From the first line to the last, give the material again exactly, without the images.

Collected data.
Segment Open
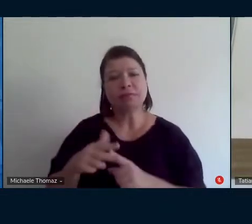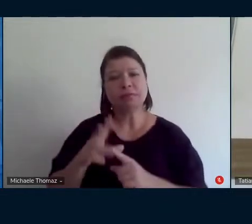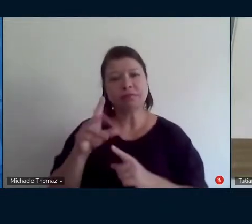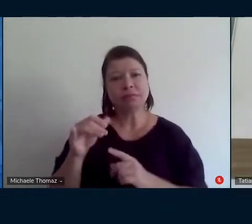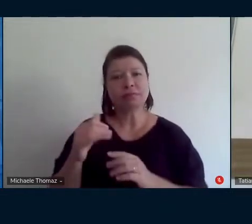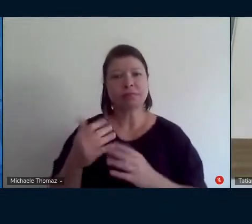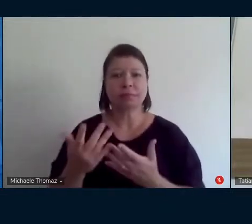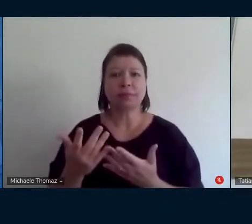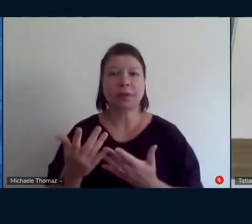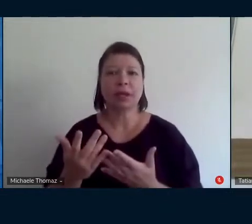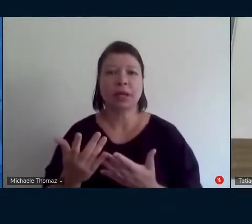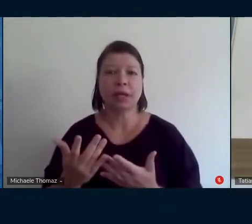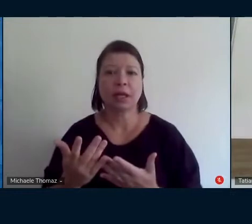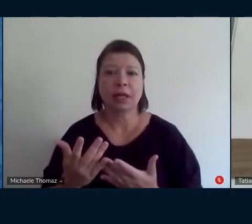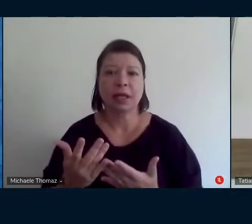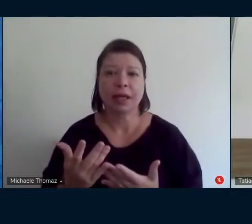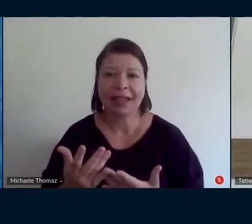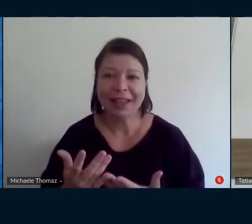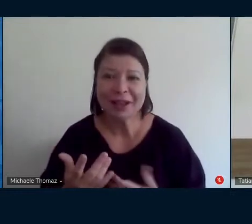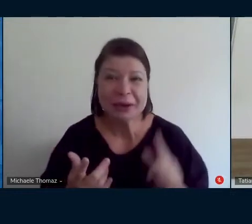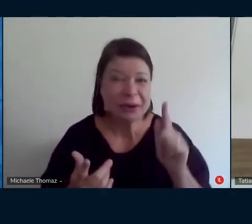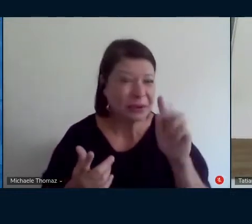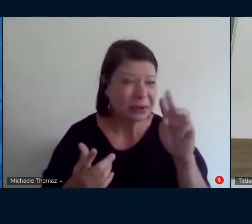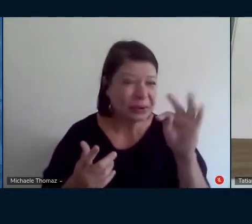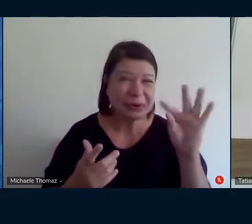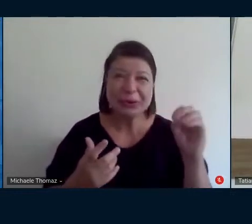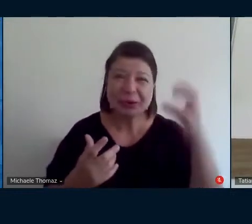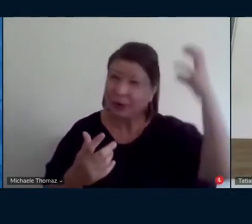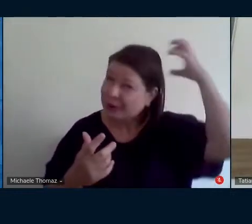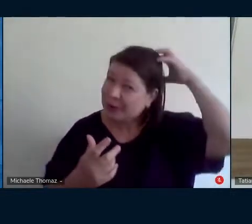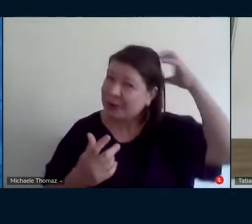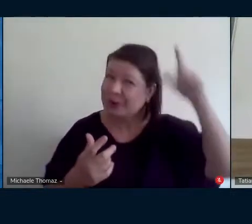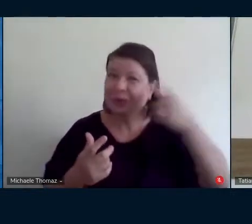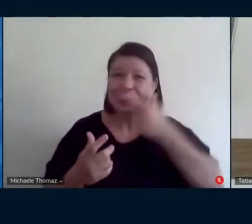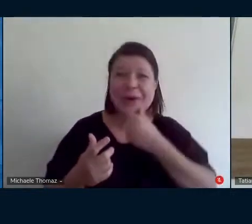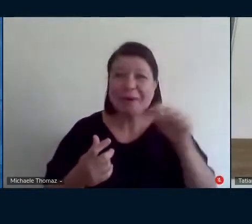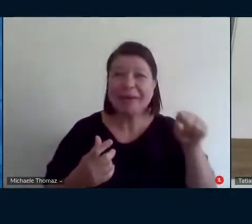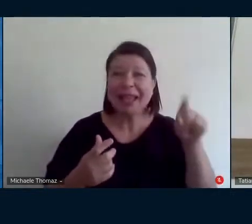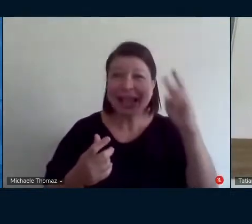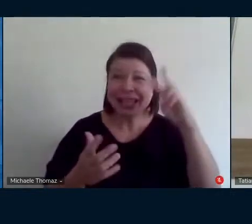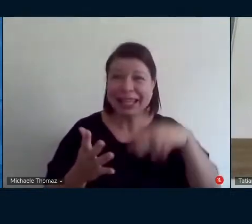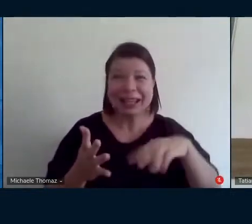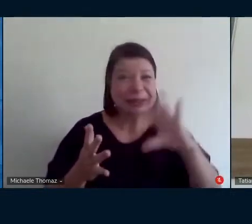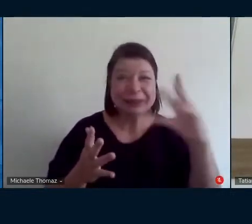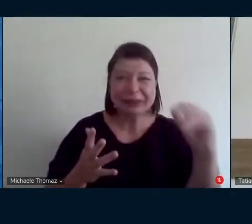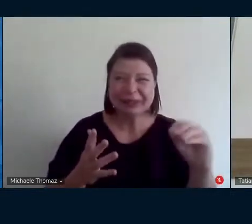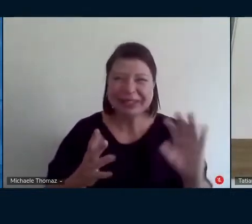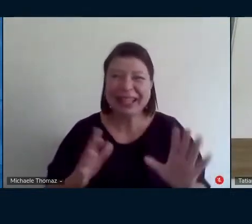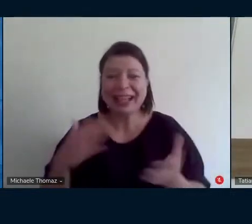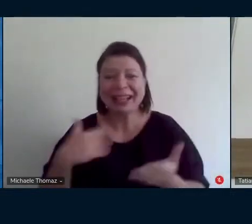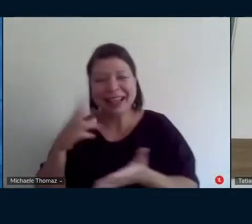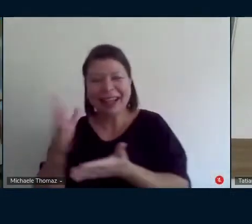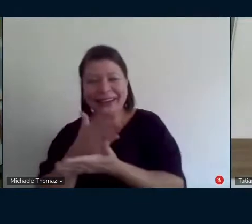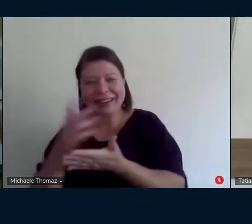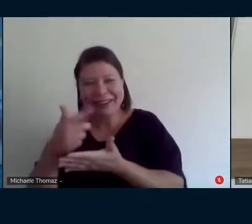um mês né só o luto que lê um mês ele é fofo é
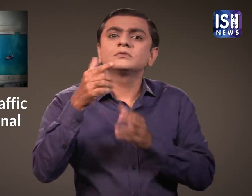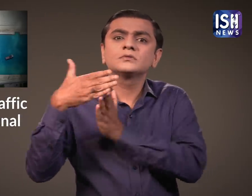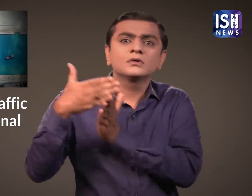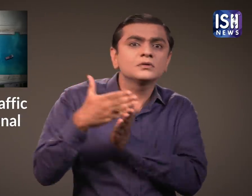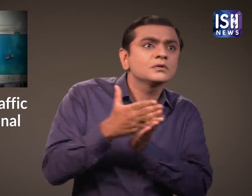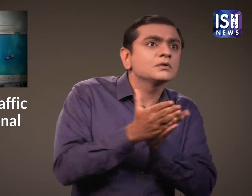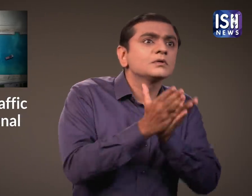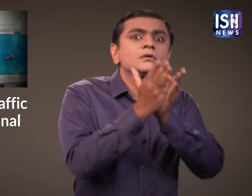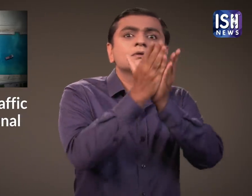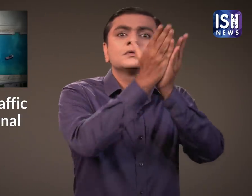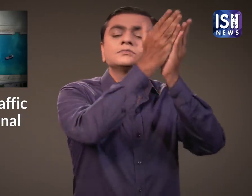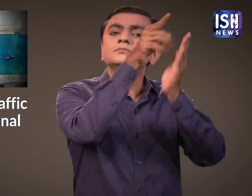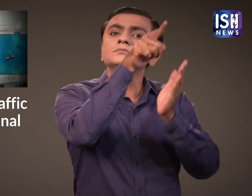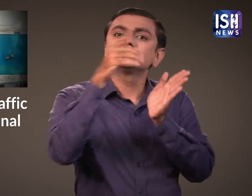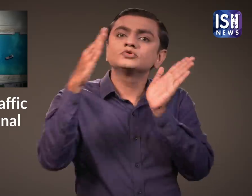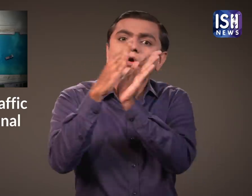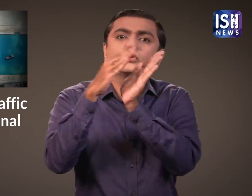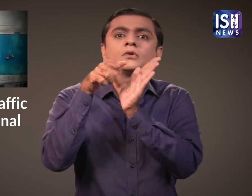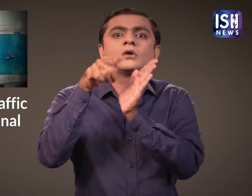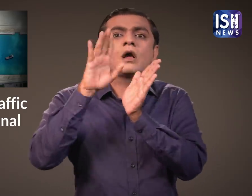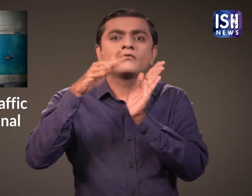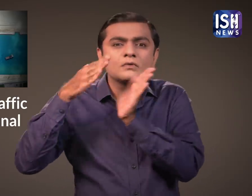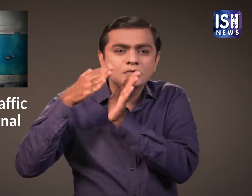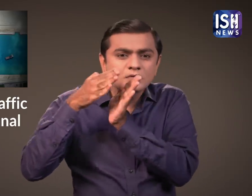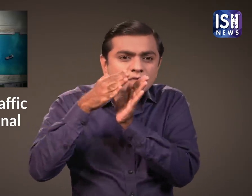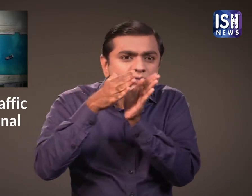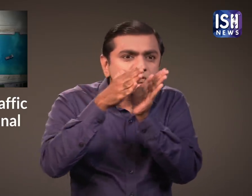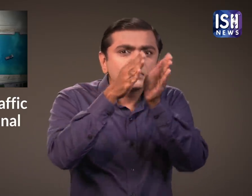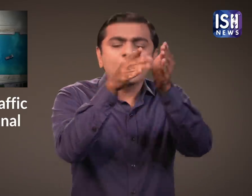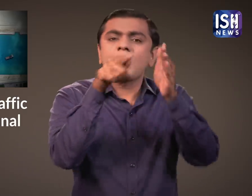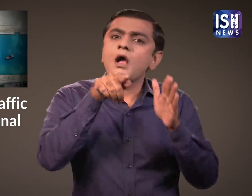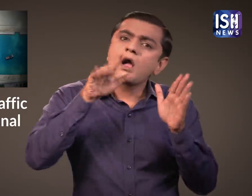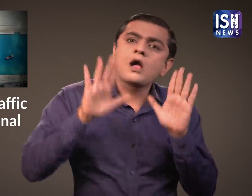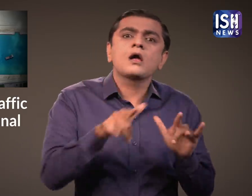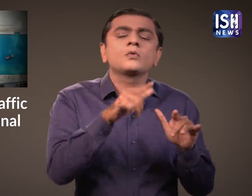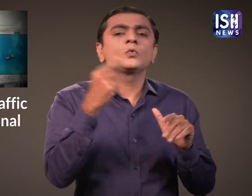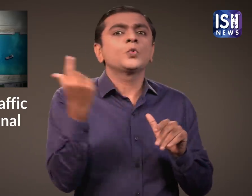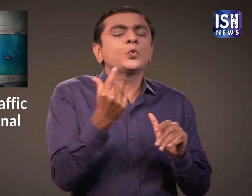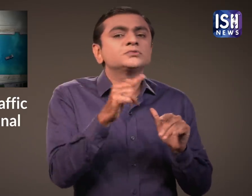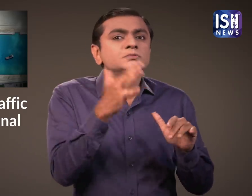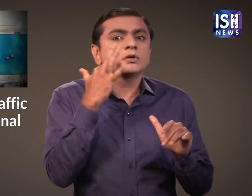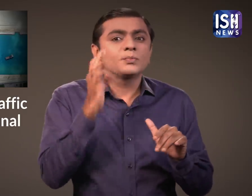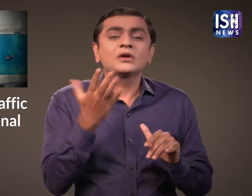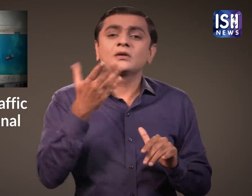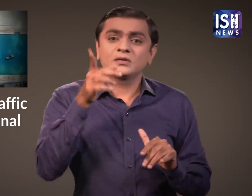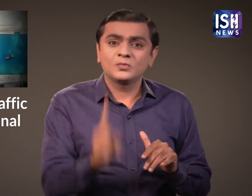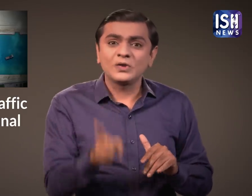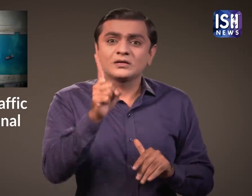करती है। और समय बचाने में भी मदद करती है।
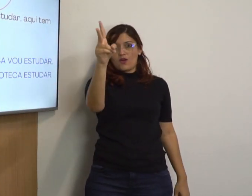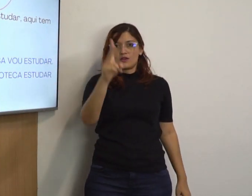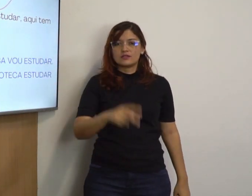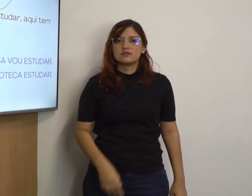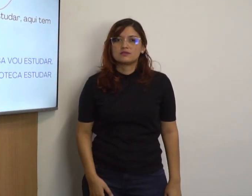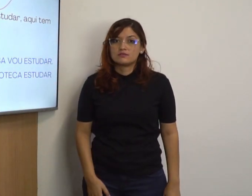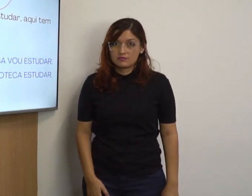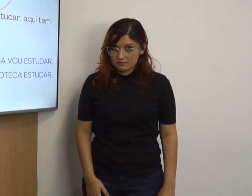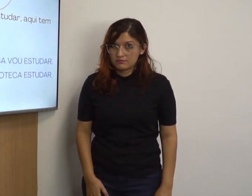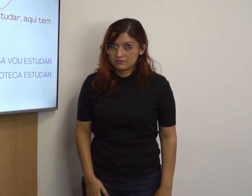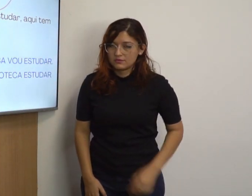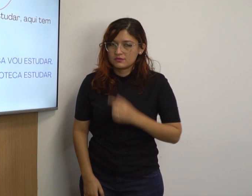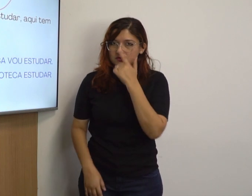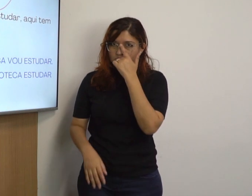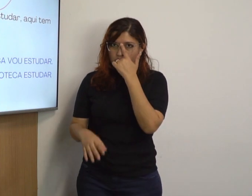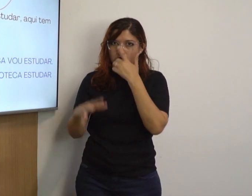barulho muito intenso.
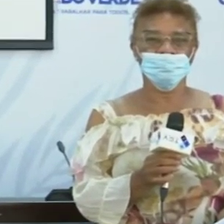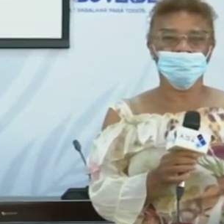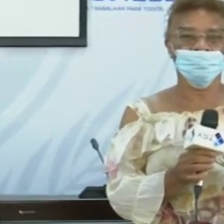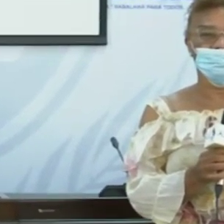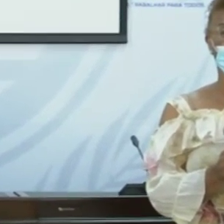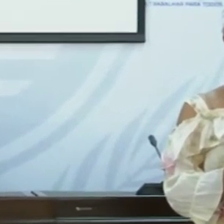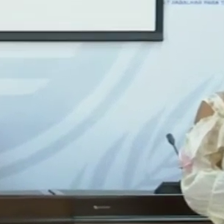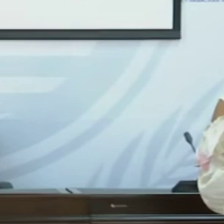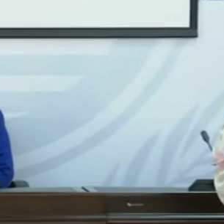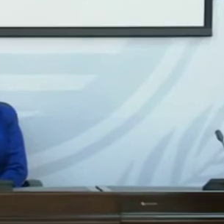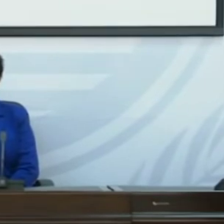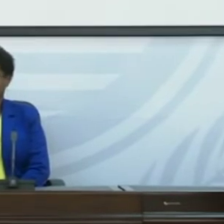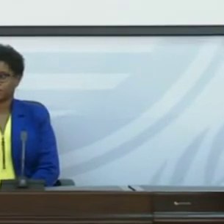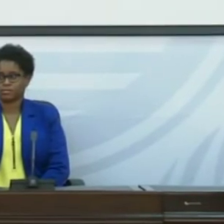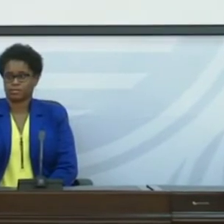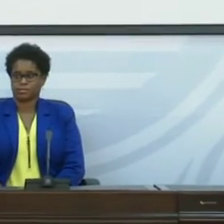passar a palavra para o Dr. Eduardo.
Segment Closed
Final answer.
um mês né só o luto que lê um mês ele é fofo é
करती है। और समय बचाने में भी मदद करती है।
barulho muito intenso.
passar a palavra para o Dr. Eduardo.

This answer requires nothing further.